There are a lot of stories explaining how the birds first made it to Europe, but the one that’s most entertaining is that a ship carrying a few cages of wild canaries crashed near the Italian coast, and as his last act the boat’s captain freed the birds to fly to shore to save them from drowning at sea. Whether or not this actually happened, canaries were well-established as European pets by 1500.
Wild canaries are small finches with streaked greenish-yellow plumage on their breasts and brownish feathers on their wings and tail. But fanciers learned pretty quickly that just as with dogs and horses, they could draw out different desirable characteristics through selective breeding and crosses with closely-related species. Some of the birds that emerged from this experimentation are the bright canary-yellow ones we’re most familiar with today. But amateur Darwins in every region of Europe set about discovering what other mutations they could squeeze out of their hapless feathered subjects. The results were incredibly varied, and frequently bizarre.

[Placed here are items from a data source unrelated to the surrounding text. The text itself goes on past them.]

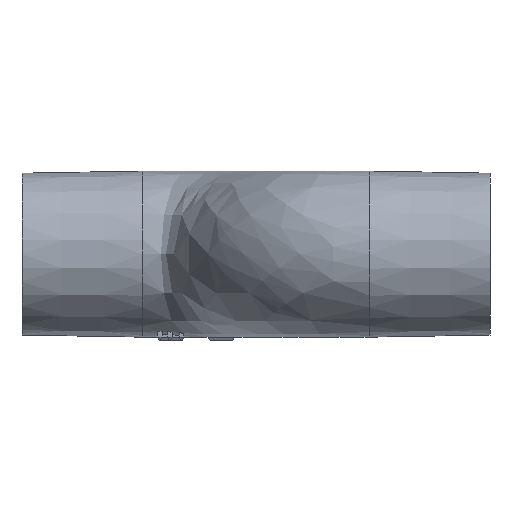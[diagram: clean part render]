
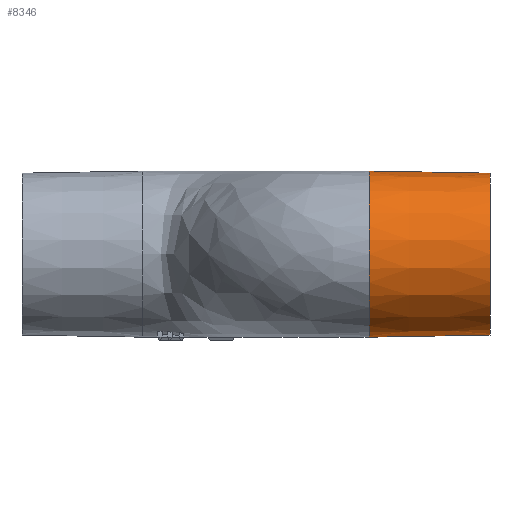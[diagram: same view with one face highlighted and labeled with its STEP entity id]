
A CAD part, left-side view. The second image highlights one B-rep face of the part: STEP entity #8346.
In plain terms, the highlighted conical face has half-angle 1 degrees and reference radius 11 mm.
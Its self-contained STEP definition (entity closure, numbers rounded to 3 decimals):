
#2052 = EDGE_LOOP ( 'NONE', ( #17402, #17541, #19738, #25774 ) ) ;
#3439 = DIRECTION ( 'NONE',  ( 0., 1., 0.017 ) ) ;
#4885 = VERTEX_POINT ( 'NONE', #9366 ) ;
#4977 = VECTOR ( 'NONE', #15613, 1000. ) ;
#5261 = DIRECTION ( 'NONE',  ( 0., -1., 0. ) ) ;
#6431 = VECTOR ( 'NONE', #3439, 1000. ) ;
#8346 = ADVANCED_FACE ( 'NONE', ( #18258 ), #12351, .T. ) ;
#9366 = CARTESIAN_POINT ( 'NONE',  ( -20., 0., 10.721 ) ) ;
#9715 = AXIS2_PLACEMENT_3D ( 'NONE', #17934, #9957, #23595 ) ;
#9957 = DIRECTION ( 'NONE',  ( 0., -1., 0. ) ) ;
#12292 = AXIS2_PLACEMENT_3D ( 'NONE', #15397, #23550, #15561 ) ;
#12351 = CONICAL_SURFACE ( 'NONE', #12292, 11., 0.017 ) ;
#13229 = CARTESIAN_POINT ( 'NONE',  ( -20., 16., 0. ) ) ;
#13347 = EDGE_CURVE ( 'NONE', #4885, #19702, #19483, .T. ) ;
#13395 = EDGE_CURVE ( 'NONE', #19702, #20376, #25683, .T. ) ;
#14628 = VERTEX_POINT ( 'NONE', #15803 ) ;
#15397 = CARTESIAN_POINT ( 'NONE',  ( -20., 16., 0. ) ) ;
#15561 = DIRECTION ( 'NONE',  ( 0., 0., -1. ) ) ;
#15613 = DIRECTION ( 'NONE',  ( 0., 1., -0.017 ) ) ;
#15803 = CARTESIAN_POINT ( 'NONE',  ( -20., 0., -10.721 ) ) ;
#15943 = CARTESIAN_POINT ( 'NONE',  ( -20., 16., -11. ) ) ;
#16974 = DIRECTION ( 'NONE',  ( 0., 0., -1. ) ) ;
#17402 = ORIENTED_EDGE ( 'NONE', *, *, #18271, .F. ) ;
#17541 = ORIENTED_EDGE ( 'NONE', *, *, #13347, .T. ) ;
#17934 = CARTESIAN_POINT ( 'NONE',  ( -20., 0., 0. ) ) ;
#18093 = CARTESIAN_POINT ( 'NONE',  ( -20., 16., -11. ) ) ;
#18258 = FACE_OUTER_BOUND ( 'NONE', #2052, .T. ) ;
#18271 = EDGE_CURVE ( 'NONE', #4885, #14628, #19291, .T. ) ;
#19159 = AXIS2_PLACEMENT_3D ( 'NONE', #13229, #5261, #16974 ) ;
#19291 = CIRCLE ( 'NONE', #9715, 10.721 ) ;
#19483 = LINE ( 'NONE', #25225, #6431 ) ;
#19702 = VERTEX_POINT ( 'NONE', #25338 ) ;
#19738 = ORIENTED_EDGE ( 'NONE', *, *, #13395, .T. ) ;
#20376 = VERTEX_POINT ( 'NONE', #18093 ) ;
#21421 = LINE ( 'NONE', #15943, #4977 ) ;
#23550 = DIRECTION ( 'NONE',  ( 0., 1., 0. ) ) ;
#23595 = DIRECTION ( 'NONE',  ( 0., 0., -1. ) ) ;
#23640 = EDGE_CURVE ( 'NONE', #14628, #20376, #21421, .T. ) ;
#25225 = CARTESIAN_POINT ( 'NONE',  ( -20., 16., 11. ) ) ;
#25338 = CARTESIAN_POINT ( 'NONE',  ( -20., 16., 11. ) ) ;
#25683 = CIRCLE ( 'NONE', #19159, 11. ) ;
#25774 = ORIENTED_EDGE ( 'NONE', *, *, #23640, .F. ) ;

You can find canaries with colors that range from deep black to pure white to splotchy red, with every pattern and shade in between. “Frilled” canaries are bred for their fluffy, disheveled feathers, while feathers on lizard canaries look like scales and crested canaries sport aggressive bangs. Each country in Europe developed their own prized breeds: the oversized Lancashire canaries of England; the Spanish timbrado canaries with their metallic-sounding voice; the Belgian canaries with their obscenely hunched backs. But most prized of all are the German rollers, both bred and trained for their famous lilting song.
Americans had always imported pet birds from Europe, but the prolonged voyage by sail was hard on small birds, meaning that they only arrived by the handful. Europe had a robust internal trade in pet canaries, but they only started reaching America in bulk once steam power dramatically shortened the time it took to cross the ocean.
The brothers Charles and Henry Reiche were the first to figure out the logistics of bringing the birds over in bulk. By the 1850s they were moving ten thousand canaries between Germany and New York every year, and they could hardly keep pace with the growing demand. “The fancy has increased so much in this country,” wrote Charles and Henry, “that in the last year, 1871, sixty thousand canary birds found their way to this market, of which forty-eight thousand were imported by ourselves.”1
As the trade in canaries grew, keeping foreign songbirds became more accessible to middle-class consumers. Canaries were even carried westward by homesteaders, where they were kept in Missouri cabins and Nebraska sod homes. As the “universal parlor bird,” canaries represented the domestic ideals that settlers hoped to establish on the frontier. At the same time, for the ever-growing number of Americans living in cities, keeping a pet canary was one way to connect to the countryside that was quickly slipping away.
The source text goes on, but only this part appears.